-- Task to carry out --
Say how many of the lines below hold "Frame", writing the number and nothing more.

** Opening Data supplied block **

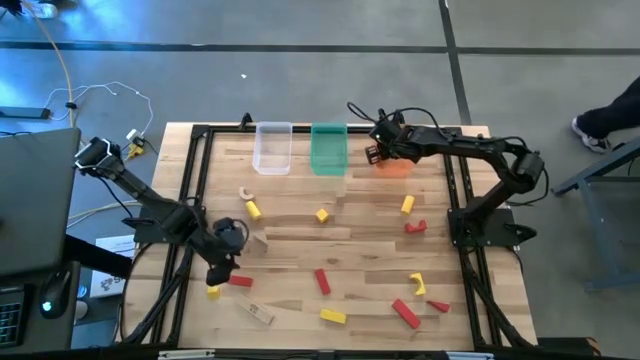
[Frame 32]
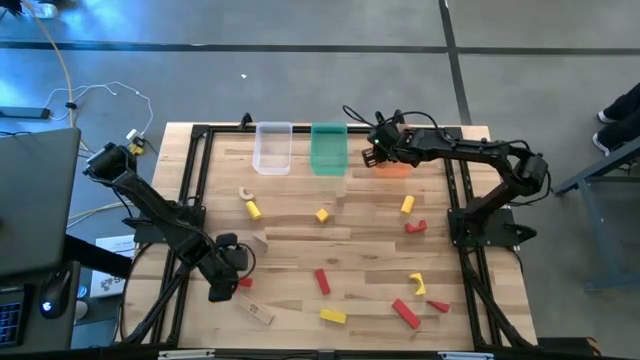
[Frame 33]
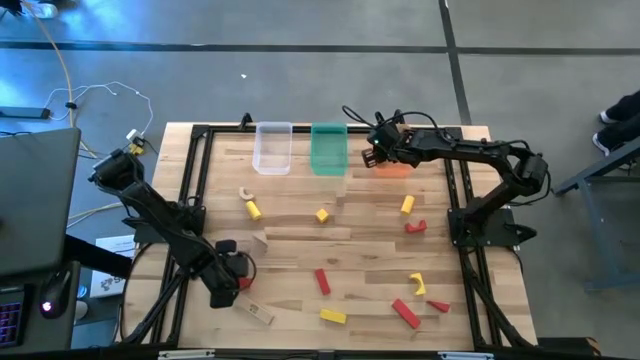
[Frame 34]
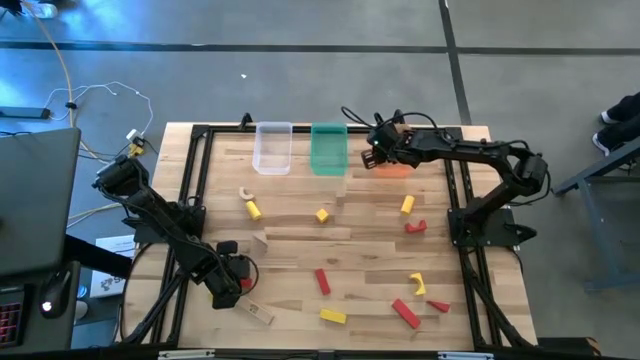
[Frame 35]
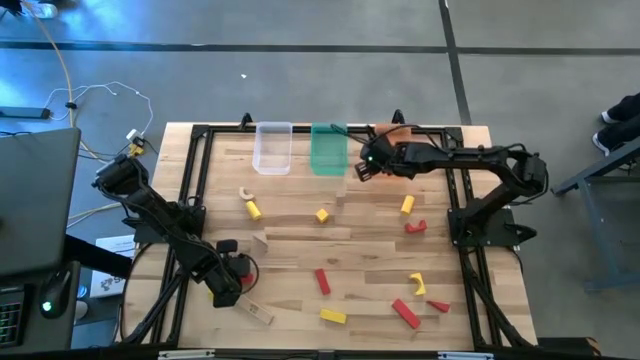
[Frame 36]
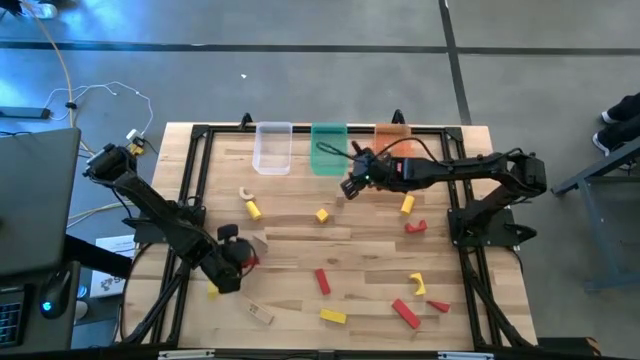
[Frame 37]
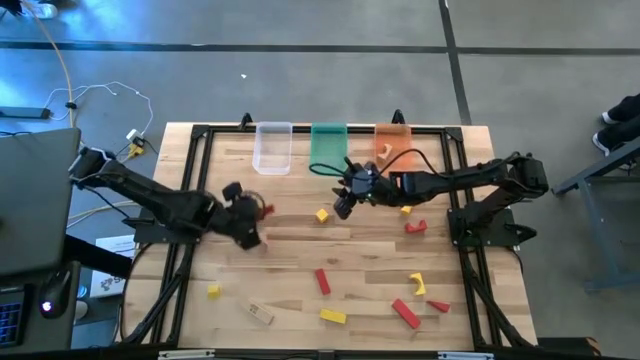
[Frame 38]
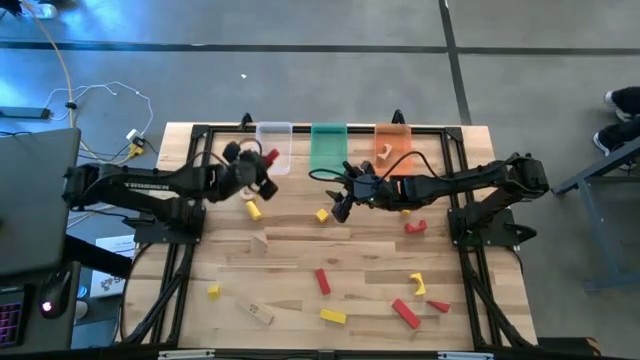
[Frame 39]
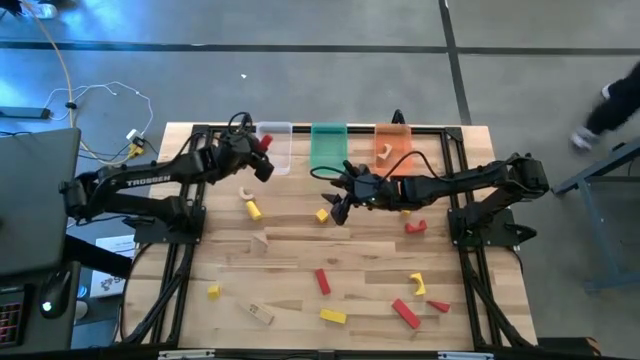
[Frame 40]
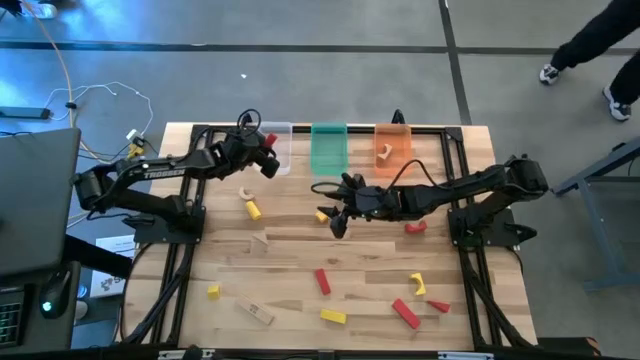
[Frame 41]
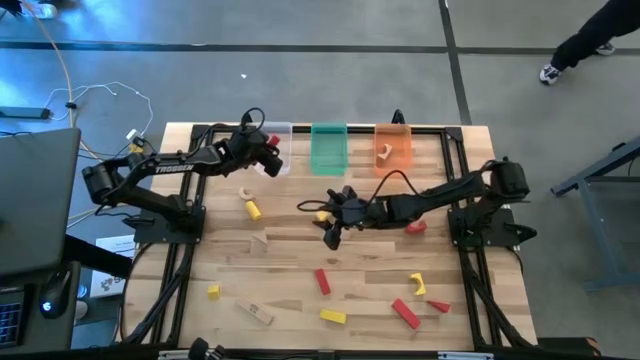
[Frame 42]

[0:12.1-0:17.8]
Task: Sort & place blocks by color
Put the red block into the white bin

** Closing Data supplied block **

-- Task output --
11